Itertools to the rescue
I'm waist deep in a messy data wrangling project with two preliminary conclusions: that Inkscape and the Gimp do not equal the best platform for collecting group control points for imagery, and that itertools has some great functional programming recipes.
I'm collating vertices of simple paths drawn in each application. Inkscape's SVG expresses the paths in the simplest fashion: M(ove to) X Y L(ine to) X Y .... Gimp exports them – pointlessly in this case – as curves:
<?xml version="1.0" encoding="UTF-8" standalone="no"?> <!DOCTYPE svg PUBLIC "-//W3C//DTD SVG 20010904//EN" "http://www.w3.org/TR/2001/REC-SVG-20010904/DTD/svg10.dtd"> <svg xmlns="http://www.w3.org/2000/svg" width="109.417in" height="36.4722in" viewBox="0 0 7878 2626"> <path id="0102" fill="none" stroke="black" stroke-width="1" d="M 349.00,512.00 C 349.00,512.00 475.00,1245.00 475.00,1245.00 475.00,1245.00 481.00,2054.00 481.00,2054.00 481.00,2054.00 3792.00,2108.00 3792.00,2108.00 3792.00,2108.00 7555.00,2127.00 7555.00,2127.00 7555.00,2127.00 7618.00,1528.00 7618.00,1528.00 7618.00,1528.00 7738.00,588.00 7738.00,588.00 7738.00,588.00 3743.00,550.00 3743.00,550.00" /> </svg>
It's full of duplicate vertices: couplets at the ends and triplets in the middle of the path. Itertools provides a handy recipe for getting just the unique vertices:
from itertools import groupby, imap from operator import itemgetter def unique_justseen(iterable, key=None): "List unique elements, preserving order. Remember only the element just seen." # unique_justseen('AAAABBBCCDAABBB') --> A B C D A B # unique_justseen('ABBCcAD', str.lower) --> A B C A D return imap(next, imap(itemgetter(1), groupby(iterable, key)))

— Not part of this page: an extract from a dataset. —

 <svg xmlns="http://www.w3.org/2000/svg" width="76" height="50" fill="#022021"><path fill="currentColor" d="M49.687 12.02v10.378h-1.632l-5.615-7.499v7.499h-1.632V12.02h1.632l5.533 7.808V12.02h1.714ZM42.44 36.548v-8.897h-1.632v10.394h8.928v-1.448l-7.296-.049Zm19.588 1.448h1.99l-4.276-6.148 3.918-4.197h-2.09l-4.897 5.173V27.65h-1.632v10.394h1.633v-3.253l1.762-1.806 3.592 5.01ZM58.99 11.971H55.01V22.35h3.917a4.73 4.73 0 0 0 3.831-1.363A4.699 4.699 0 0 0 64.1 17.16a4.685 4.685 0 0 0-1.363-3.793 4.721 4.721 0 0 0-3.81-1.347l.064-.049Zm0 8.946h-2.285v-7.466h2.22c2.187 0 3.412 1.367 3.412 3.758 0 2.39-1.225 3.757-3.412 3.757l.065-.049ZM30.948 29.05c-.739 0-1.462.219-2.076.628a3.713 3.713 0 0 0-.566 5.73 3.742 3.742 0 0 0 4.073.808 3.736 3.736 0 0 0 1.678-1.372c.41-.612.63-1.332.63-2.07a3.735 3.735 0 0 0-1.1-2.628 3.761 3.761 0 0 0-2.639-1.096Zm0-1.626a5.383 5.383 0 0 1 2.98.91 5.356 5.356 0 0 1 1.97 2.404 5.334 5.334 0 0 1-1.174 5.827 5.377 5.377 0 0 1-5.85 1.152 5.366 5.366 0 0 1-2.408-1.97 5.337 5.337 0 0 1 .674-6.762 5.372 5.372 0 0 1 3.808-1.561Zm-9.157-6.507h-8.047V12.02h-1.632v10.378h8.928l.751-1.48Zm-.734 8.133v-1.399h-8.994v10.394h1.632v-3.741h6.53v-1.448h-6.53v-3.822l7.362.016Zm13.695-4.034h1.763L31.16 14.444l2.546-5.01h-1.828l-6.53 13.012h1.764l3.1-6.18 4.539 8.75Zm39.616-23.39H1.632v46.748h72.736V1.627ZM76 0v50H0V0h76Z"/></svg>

Without having to think hard at all, I can get a list of locally unique pairs of numbers like [(349.00, 512.00), (475.00, 1245.00), (481.00, 2054.00), ...]. If you're using Python 2.5 (or older), without the builtin next() function, you'll need to replace it with an equivalent function like lambda x: x.next(). The itemgetter function from the operator module recasts Python's sequence item accessor in functional form:
>>> itemgetter(1)('ABCDEFG') 'B' >>> itemgetter(1,3,5)('ABCDEFG') ('B', 'D', 'F') >>> itemgetter(slice(2,None))('ABCDEFG') 'CDEFG'
The collated output I'm after looks like -gcp 349.0 512.0 723.90418 2348.0269 0.0 ... . You can probably see where I'm going with this.